The Company is managed by the Board of Directors. The Directors are drawn from backgrounds which the Board believes provides an appropriate mix to conduct the Company’s business. The Company has adopted the Quoted Companies Alliance Corporate Governance Code (the “Code”) and the Company’s compliance statement can be found below.
The responsibilities of the Board of Directors include the following:
- Determination of the Company’s business objectives and strategy and overall responsibility for the Company’s activities including the review of business activity and performance.
- Ensuring that commercial and regulatory risks and financing needs are properly considered and that all obligations of the company are adhered to.

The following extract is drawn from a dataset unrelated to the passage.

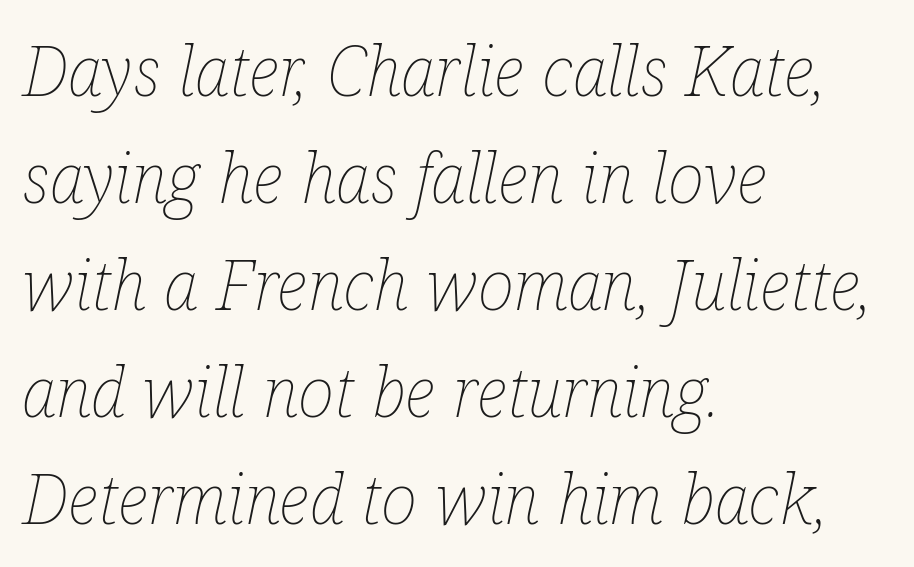
{"italic": "yes", "lean": "right", "slant_degrees": 12, "bold": "no", "weight": "thin", "width": "condensed", "stroke_contrast": "low", "x_height": "medium", "monospaced": "no", "underline": "no", "align": "left", "line_spacing": "normal", "line_spacing_ratio": 1.55, "letter_spacing": "normal", "letter_spacing_em": 0.0, "glyph_px": 69}

- Implementing appropriate corporate governance standards and overseeing the effectiveness of the Company’s system of internal control.
Committees of the Board
The Company’s audit committee comprises Matthew Wrigley (Chairman), Nigel Birrell and Mark Le Tissier. The Audit Committee will meet as often as required and at least twice a year. The Audit Committee’s main functions include, inter alia, reviewing the effectiveness of internal control systems and risk assessment, considering the need for an internal audit, making recommendations to the Board in relation to the appointment and remuneration of the Company’s auditors and monitoring and reviewing annually their independence, objectivity, effectiveness and qualifications. The Audit Committee will also monitor the integrity of the financial statements of the Company including its annual and interim reports, preliminary results’ announcements and any other formal announcement relating to financial performance. The Audit Committee will be responsible for overseeing the Company’s relationship with the external auditors, including making recommendations to the Board on the appointment of the external auditors and their remuneration. The Audit Committee will consider the nature, scope and results of the auditors’ work and reviews, and develop and implement policy on the supply of non-audit services that are to be provided by the external auditors. The Audit Committee will focus particularly on compliance with legal requirements, accounting standards and the relevant AIM Rules for Companies and ensuring that an effective system of internal financial and non-financial controls is maintained. The ultimate responsibility for reviewing and approving the annual report and accounts will remain with the Board. The identity of the Chairman of the Audit Committee will be reviewed on an annual basis and the membership of the Audit Committee and its terms of reference will be kept under review. The Audit Committee will have no links with the Company’s external auditors.
The Company’s remuneration committee comprises Nigel Birrell, Mark Le Tissier and Matthew Wrigley.
No formal committee, the full board consider and manage these responsibilities in line with the Company’s admission document and articles.
Share Dealing Code
The Company has adopted a share dealing code for the Board, in conformity with the requirements of Rule 21 of the AIM Rules for Companies, and will take steps to ensure compliance by the Board and senior staff with the terms of the policy. In summary not deal in any securities of the Company unless prior written notice of such proposed dealings has been given to the Board and written clearance received from the Board; not purchase or sell any securities of the Company in the two months immediately preceding the announcement of the Company’s half-yearly or annual results; not use another person, company or organisation to act as an agent, or nominee, partner, conduit or in another capacity, to deal in any securities on their behalf where that third person would breach obligations under this paragraph; and immediately inform the Board of any dealings in the Company’s shares.
Duke Royalty Limited is currently subject to the UK City Code on Takeovers and Mergers.